- [Work required]:
Once the line with "road: service" is reached, output it and every line after it, exactly, through the end of the records below. Pictures are skipped.

- [Supplied data]:
::::

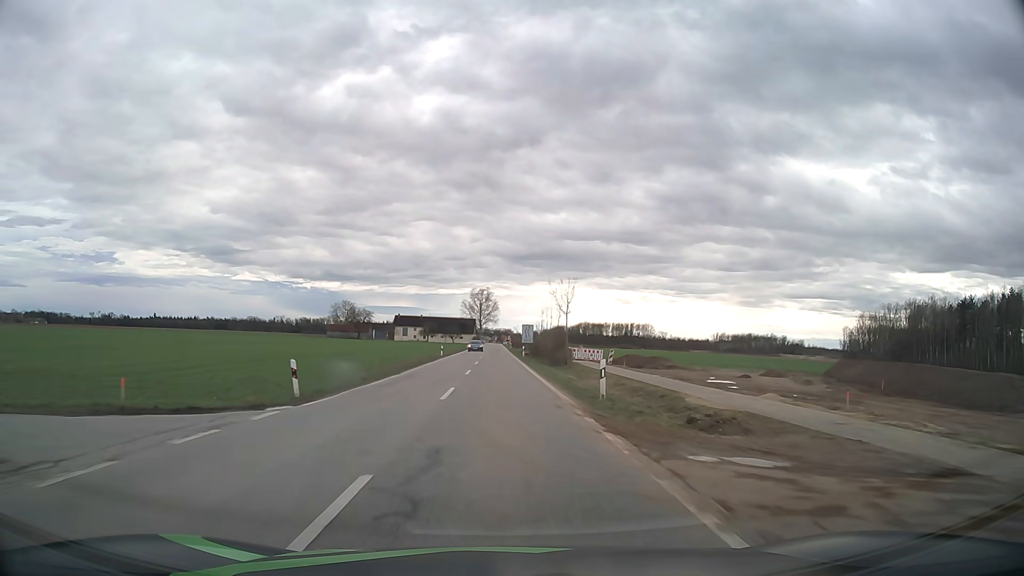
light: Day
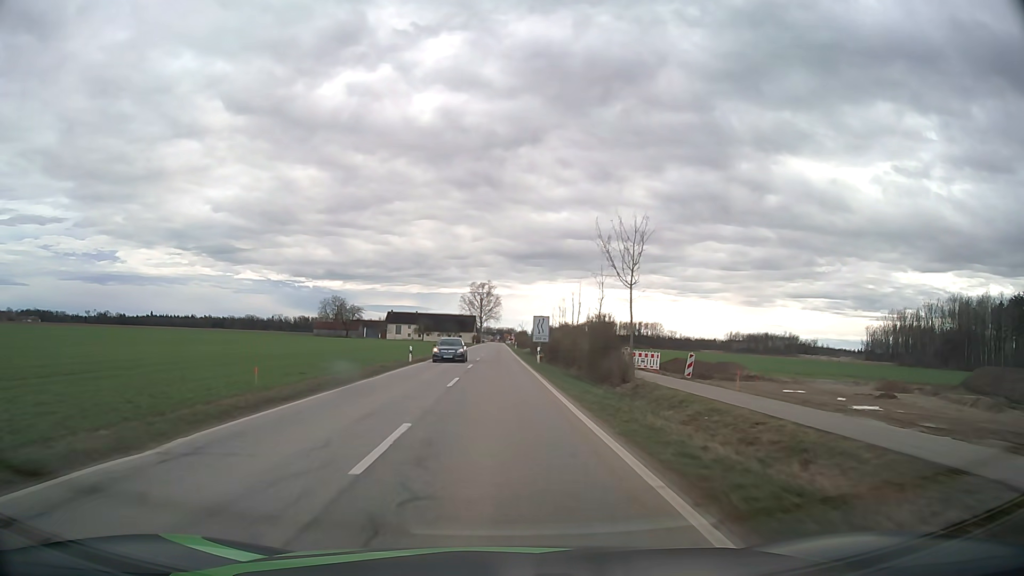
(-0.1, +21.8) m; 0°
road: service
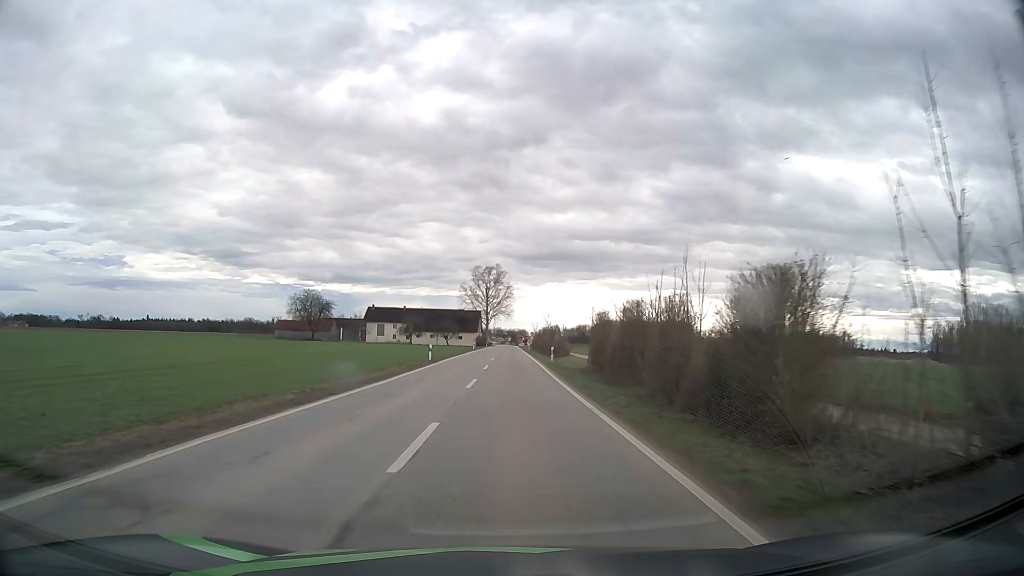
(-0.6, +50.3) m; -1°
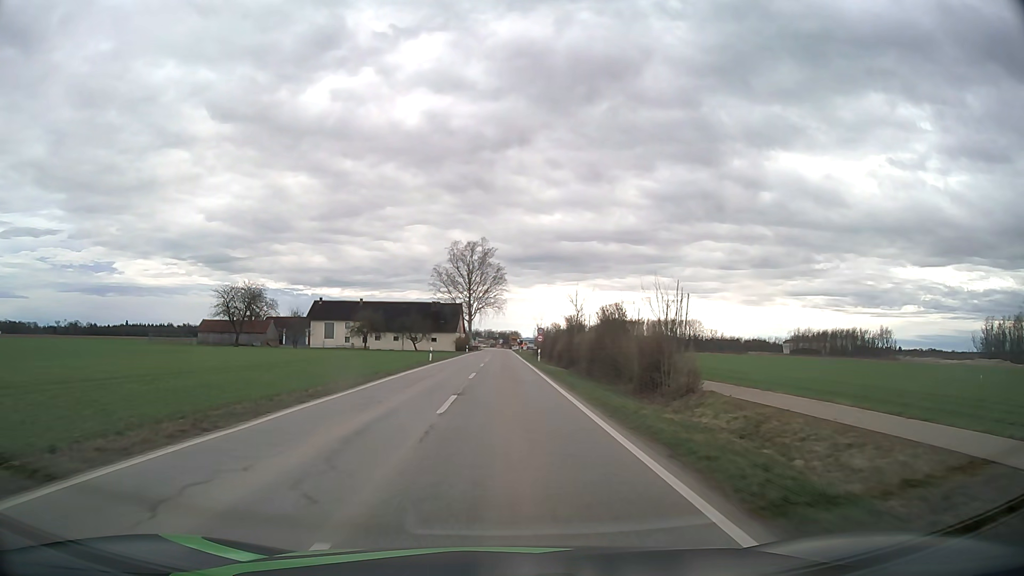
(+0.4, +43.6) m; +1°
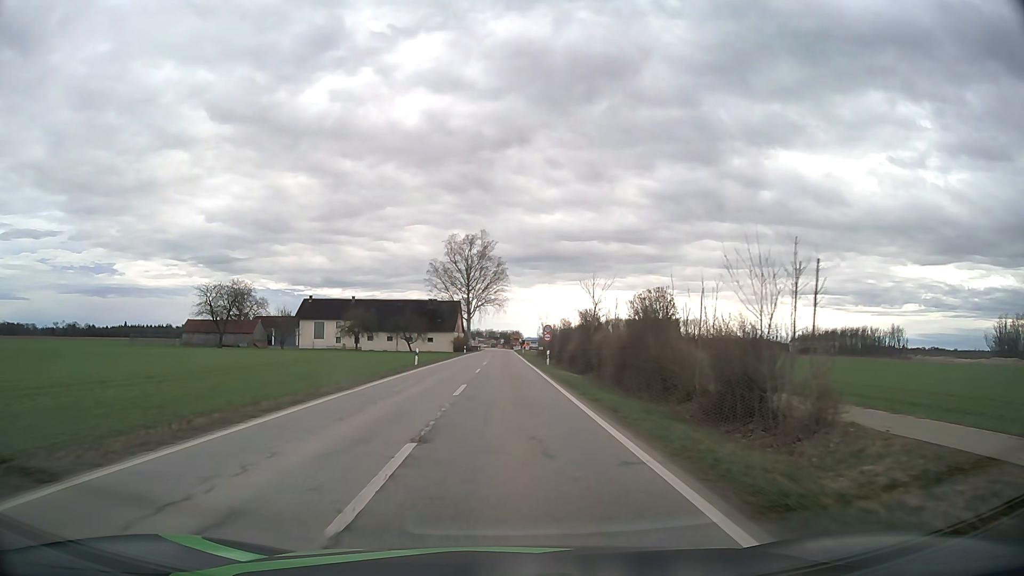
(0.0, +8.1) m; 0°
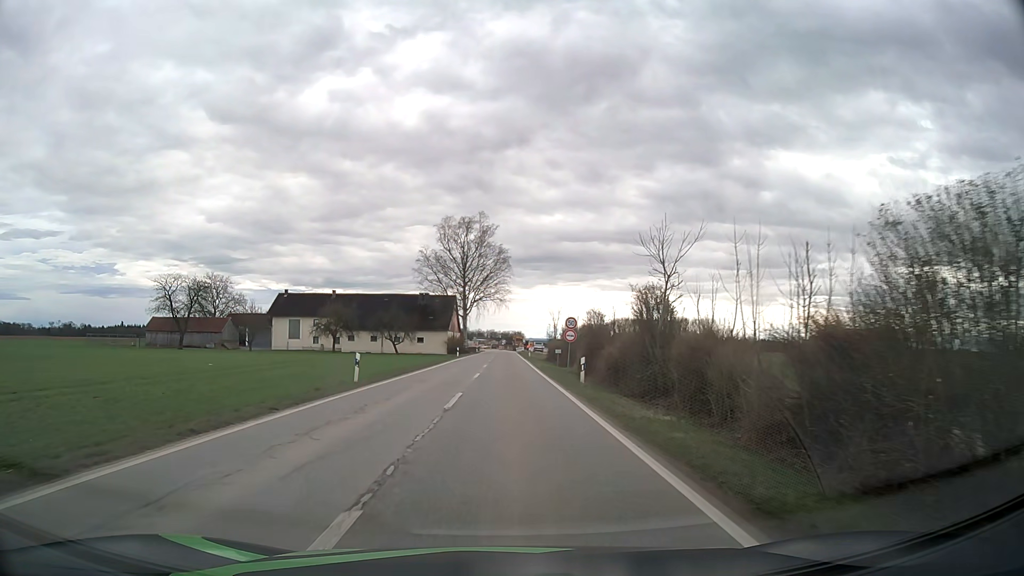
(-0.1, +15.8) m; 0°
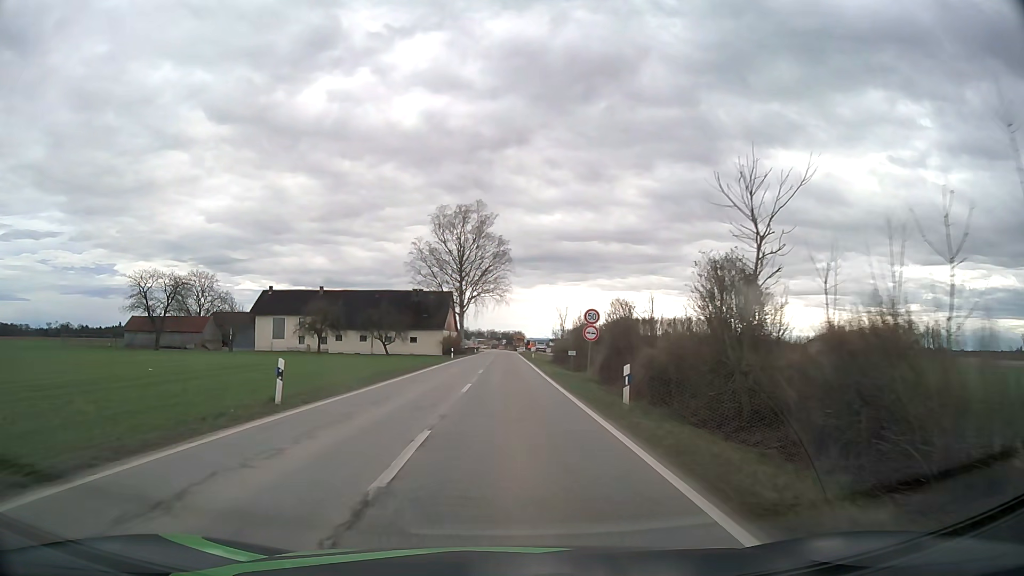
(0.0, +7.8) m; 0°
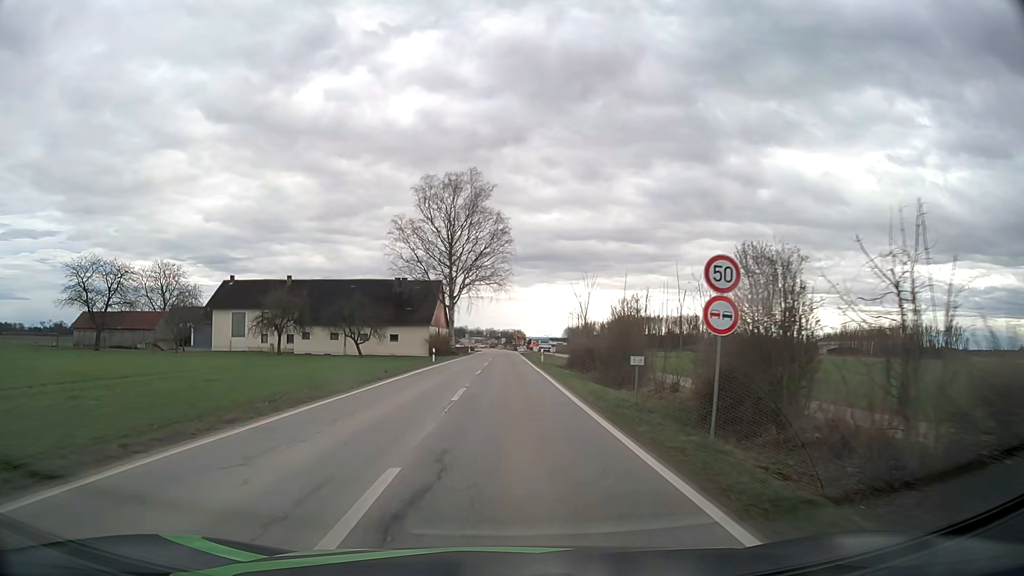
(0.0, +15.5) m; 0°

::::

- [Solution for this problem]:
road: service
(-0.6, +50.3) m; -1°
(+0.4, +43.6) m; +1°
(0.0, +8.1) m; 0°
(-0.1, +15.8) m; 0°
(0.0, +7.8) m; 0°
(0.0, +15.5) m; 0°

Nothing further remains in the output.